PREDICTION OF THE ENDING OF THE SPREADING OF COVID-19 IN INDONESIA

29/06/2020 Views : 346

Made Sumadiyasa

Nearly three months we are in an uncertainty, especially in an area of social and economy because of the impact of the uncertainty of the spread of co-19 will end. As a result, decision makers/policies often seem hesitant to make decisions. The decision that involves a lot of people needs to think about all aspects that will be influenced by the decision. Decisions/policies taken now can determine the life to come. In the context of the covid-19 pandemic, predictions are needed which can help the decision makers prepare strategic steps in the response to the covid-19 pandemic.

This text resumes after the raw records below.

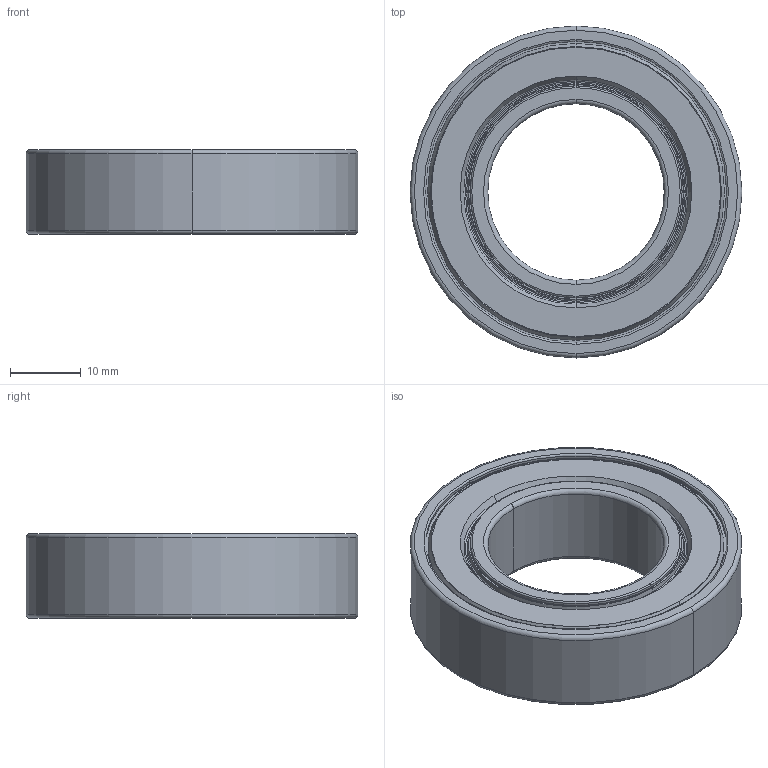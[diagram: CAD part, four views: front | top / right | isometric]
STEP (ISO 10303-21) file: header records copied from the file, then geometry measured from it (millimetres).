
FILE_DESCRIPTION(('STEP AP214'),'1');
FILE_NAME('6005-c-2hrs.stp','2025-10-02T10:37:04',('TraceParts'),('TraceParts S.A.S.'),'Spatial InterOp 3D',' ',' ');
FILE_SCHEMA(('AUTOMOTIVE_DESIGN { 1 0 10303 214 1 1 1 1 }'));
Length unit declared in the file: millimetre
Products named in the file (1): 6005-C-2HRS
Bounding box: 47 x 47 x 12 mm (x, y, z)
Volume: 14156.9 mm3; surface area: 6392.5 mm2
Topology: 1 solids, 1 shells, 124 faces, 260 edges, 148 vertices
Faces by surface type: torus 52, cylinder 32, cone 28, plane 12
Entity records: 4929 total; most frequent: CARTESIAN_POINT 1157, DIRECTION 682, ORIENTED_EDGE 520, AXIS2_PLACEMENT_3D 313, EDGE_CURVE 260, CIRCLE 188, VERTEX_POINT 148, EDGE_LOOP 136

With the right prediction when covid-19 will end, we hope the government can make policies that can keep the socio-economic movement of the people.

A few months ago there is a prediction showing a graph that the pandemic corona in Indonesia will end in months of September 2020. By using the data number of accumulated positive confirm covid-19 from early March to the end of May (https://www.kompas.com/covid-19), using a mathematical model of the Gompertz growth approach  obtained graphs as in Figure 1.  From those Figure  appears that the growth of positive confirm Covid-19 at the end of August has started level off and in September 2020 it is estimated that no positive confirm Covid-19. This is clearly seen in Figure 2. The growth rate peaks of positive confirm Covid-19 occurred in mid-April, then declined and ended around the end of September. This is consistent with what was reported previously which shows that the Indonesian graph shows a covid-19 pandemic in theoriticaly ending as a whole on September 23, 2020 (Detik.com).

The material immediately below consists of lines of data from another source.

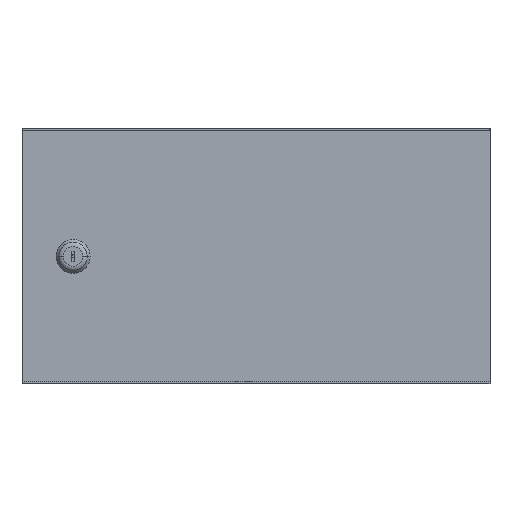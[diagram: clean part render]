
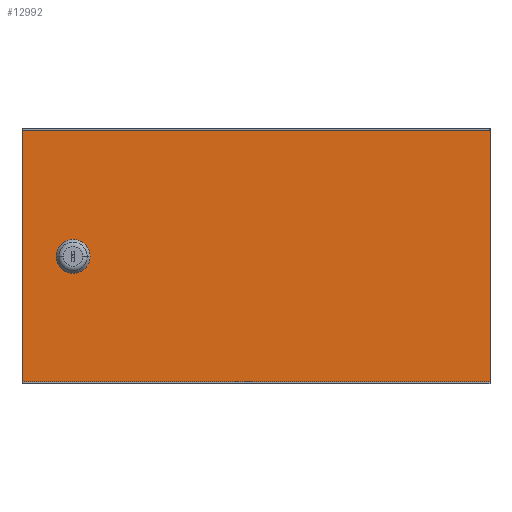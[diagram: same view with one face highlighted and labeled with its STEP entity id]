
A CAD part, top view. The second image highlights one B-rep face of the part: STEP entity #12992.
In plain terms, the highlighted planar face has unit normal (0, 0, 1).
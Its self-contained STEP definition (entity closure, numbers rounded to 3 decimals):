
#140 = DIRECTION ( 'NONE',  ( -1., 0., 0. ) ) ;
#189 = DIRECTION ( 'NONE',  ( 1., 0., 0. ) ) ;
#768 = AXIS2_PLACEMENT_3D ( 'NONE', #3262, #8217, #3421 ) ;
#909 = VECTOR ( 'NONE', #140, 1000. ) ;
#1179 = FACE_BOUND ( 'NONE', #11233, .T. ) ;
#1210 = CARTESIAN_POINT ( 'NONE',  ( 220., -118., 0. ) ) ;
#2013 = LINE ( 'NONE', #10568, #12817 ) ;
#2017 = EDGE_CURVE ( 'NONE', #11988, #8365, #11288, .T. ) ;
#3067 = CARTESIAN_POINT ( 'NONE',  ( -188., 0., 0. ) ) ;
#3262 = CARTESIAN_POINT ( 'NONE',  ( -172., 0., 0. ) ) ;
#3331 = CIRCLE ( 'NONE', #12425, 16. ) ;
#3421 = DIRECTION ( 'NONE',  ( 1., 0., 0. ) ) ;
#3561 = ORIENTED_EDGE ( 'NONE', *, *, #7650, .T. ) ;
#3964 = VERTEX_POINT ( 'NONE', #10366 ) ;
#4417 = DIRECTION ( 'NONE',  ( 0., -1., 0. ) ) ;
#4582 = LINE ( 'NONE', #14369, #11627 ) ;
#4656 = CARTESIAN_POINT ( 'NONE',  ( -172., 0., 0. ) ) ;
#4728 = DIRECTION ( 'NONE',  ( 0., 0., 1. ) ) ;
#4735 = CARTESIAN_POINT ( 'NONE',  ( 220., 118., 0. ) ) ;
#4824 = CARTESIAN_POINT ( 'NONE',  ( -220., 118., 0. ) ) ;
#5057 = PLANE ( 'NONE',  #9314 ) ;
#5746 = CARTESIAN_POINT ( 'NONE',  ( -156., 0., 0. ) ) ;
#6157 = CARTESIAN_POINT ( 'NONE',  ( -220., -118., 0. ) ) ;
#6342 = VERTEX_POINT ( 'NONE', #3067 ) ;
#6806 = ORIENTED_EDGE ( 'NONE', *, *, #12502, .F. ) ;
#7249 = DIRECTION ( 'NONE',  ( 0., 0., 1. ) ) ;
#7650 = EDGE_CURVE ( 'NONE', #14647, #8365, #2013, .T. ) ;
#8183 = CARTESIAN_POINT ( 'NONE',  ( -220., -118., 0. ) ) ;
#8217 = DIRECTION ( 'NONE',  ( 0., 0., 1. ) ) ;
#8235 = ORIENTED_EDGE ( 'NONE', *, *, #13197, .F. ) ;
#8365 = VERTEX_POINT ( 'NONE', #8183 ) ;
#8422 = EDGE_LOOP ( 'NONE', ( #12321, #8949, #15043, #3561 ) ) ;
#8949 = ORIENTED_EDGE ( 'NONE', *, *, #9301, .F. ) ;
#9301 = EDGE_CURVE ( 'NONE', #3964, #11988, #13217, .T. ) ;
#9314 = AXIS2_PLACEMENT_3D ( 'NONE', #4824, #7249, #189 ) ;
#10012 = VERTEX_POINT ( 'NONE', #5746 ) ;
#10366 = CARTESIAN_POINT ( 'NONE',  ( 220., 118., 0. ) ) ;
#10568 = CARTESIAN_POINT ( 'NONE',  ( -220., 118., 0. ) ) ;
#10811 = DIRECTION ( 'NONE',  ( 0., -1., 0. ) ) ;
#11090 = FACE_OUTER_BOUND ( 'NONE', #8422, .T. ) ;
#11233 = EDGE_LOOP ( 'NONE', ( #8235, #6806 ) ) ;
#11288 = LINE ( 'NONE', #6157, #909 ) ;
#11493 = EDGE_CURVE ( 'NONE', #3964, #14647, #4582, .T. ) ;
#11627 = VECTOR ( 'NONE', #14460, 1000. ) ;
#11673 = CIRCLE ( 'NONE', #768, 16. ) ;
#11988 = VERTEX_POINT ( 'NONE', #1210 ) ;
#12094 = VECTOR ( 'NONE', #4417, 1000. ) ;
#12321 = ORIENTED_EDGE ( 'NONE', *, *, #2017, .F. ) ;
#12425 = AXIS2_PLACEMENT_3D ( 'NONE', #4656, #4728, #13034 ) ;
#12502 = EDGE_CURVE ( 'NONE', #6342, #10012, #3331, .T. ) ;
#12817 = VECTOR ( 'NONE', #10811, 1000. ) ;
#12992 = ADVANCED_FACE ( 'NONE', ( #11090, #1179 ), #5057, .T. ) ;
#13034 = DIRECTION ( 'NONE',  ( 1., 0., 0. ) ) ;
#13197 = EDGE_CURVE ( 'NONE', #10012, #6342, #11673, .T. ) ;
#13217 = LINE ( 'NONE', #4735, #12094 ) ;
#14369 = CARTESIAN_POINT ( 'NONE',  ( -220., 118., 0. ) ) ;
#14460 = DIRECTION ( 'NONE',  ( -1., 0., 0. ) ) ;
#14647 = VERTEX_POINT ( 'NONE', #15254 ) ;
#15043 = ORIENTED_EDGE ( 'NONE', *, *, #11493, .T. ) ;
#15254 = CARTESIAN_POINT ( 'NONE',  ( -220., 118., 0. ) ) ;

Figure 1. Positive confirmed growth of Covid-19 data from 4 March – 20 May 2020


Figure 2. Modeling of the positive confirmed Covid-19 growth rate from 4 March 4 – 20 May  2020

Predictions that are made based on mathematical modeling, to get the right modeling accurate data is needed by considering various parameters, such as community dynamics, the amount of data recorded (data from laboratory test results), the level of community vulnerability to viruses. If there is a change in those parameters significantly, it can result in changes in the data so that the modeling becomes changed too.

As happened later, there was a change in policy and resulted in changes in the dynamics of the movement of society without the implementation of strict health protocols. There is an increase in capacity to carry out tests so that the amount of data recorded every day increases. As a result, an increased very sharply of the data positive confirm covid-19 occurred. This affects the modeling, and if using data from 1 April 2020 to mid-June, a predictive picture like Figure 3 and 4 are obtained. From Figure 3 it appears that until March 2021 the curve is still rising. This means that it is estimated that by March 2021 there will still be confirmed Covid-19 significantly. This is made clear in Figure 4, the growth rate is estimated to start to decline in July 2020, but until March 2021 covid-19 is still not over.


Figure 3. Covid-19 positive confirmed growth data from 1 April - 15 June 2020


Figure 4. Modeling of the positive confirmed Covid-19 growth rate from 1 April - 15 June 2020.

From the prediction model, it can be seen that the prediction modeling will change if there is a change in the amount of daily data positive confirm covid-19. This is related to changes in community dynamics and the ability to conduct covid-19 testing. What is needed is an effort to prevent maximized transmission, inhibit transmission by reducing the possibility of inter-human virus transmission. Predictions based on mathematical modeling and objectively aimed data are basically not really exact because to complex, dynamic and heterogeneous world reality.